I fear that without saying “where we’ve been” and without defining specific political goals, even the best intentions to theorize embodiment as something other than “fixed location in a reified body” (Haraway 195) can obscure the historical and discursive production of subjectivities, and consequently hide some of the political opportunities and pitfalls available in understanding such productions. Defining or owning up to what those political opportunities are is what can prevent the posthuman project from becoming too much like Terminator 2, where the razzle-dazzle of single, plastic (not to mention white and male) bodies gets more airtime than the implied or direct, historical and discursive confrontations that supply the plasticity out of which culturally valid bodies and subjectivities arise. (236)

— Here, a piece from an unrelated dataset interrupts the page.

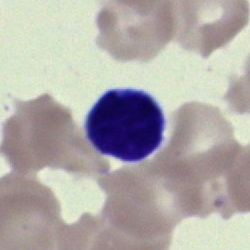
Morphological class: typical lymphocyte.

In this passage from her essay, “Terminating Bodies,” Carol Mason seems to want to foreground the “historical and discursive production of subjectivities” in relation to the theorization of posthuman embodiment. Mason puts her point another way when she writes, “It’s not really cyborgs, or any individual bodies, that we need to examine. It’s the examination of contingent and perpetual processes of historical and discursive re-production that can allow us to better locate, articulate, and specify the aims of this ‘political unity’ or ‘posthuman’ ‘we’” (237). In other words, Mason seems to worry that “the razzle-dazzle of single, plastic [posthuman] bodies” will become more important to posthuman theorization than the fluid cultural entanglements in which bodies and subjectivities take shape (236). Her reading of Terminator 2, for example, reveals that technology-centered analyses of the cyborg are only one way to approach the film; she makes a compelling argument that ideologies of race and gender, figured within the confrontation between Dyson and Connor, must be accounted for in attempts to theorize the cyborg. Mason suggests that the cyborg must be historically-situated.
Her claim that we need to define specific political goals in relation to posthuman theorization is also interesting me; I think this is to avoid the “razzle-dazzle” of looking at single, plastic bodies. One of the most powerful moments in her essay is when she reminds us that conservatives have used a certain posthuman discourse, a certain alternative conception of the body, to argue for the rights of unborn children – conservative arguments about fetal personhood reveal that “the embodied individual is only one of many possible interpretations of what counts as a legal person possessed of rights. This position therefore introduced the possibility that legal personhood might be assigned to some unit that is lesser or greater than the embodied individual” (251).
Posthumanist attempts to disaggregate and untangle bodies, embodiment, materiality, and subjectivity “swing both ways,” to use some of Mason’s language. I think this is why she suggests that this theorization must proceed with specific political goals in mind; the modes of analyses themselves don’t necessarily provide clear political goals. Haraway’s reminder that attempts to imagine the future are never innocent is particularly useful here; there isn’t necessarily any stable, utopian discourse to which we can appeal to argue for a coherent space of posthuman possibilities.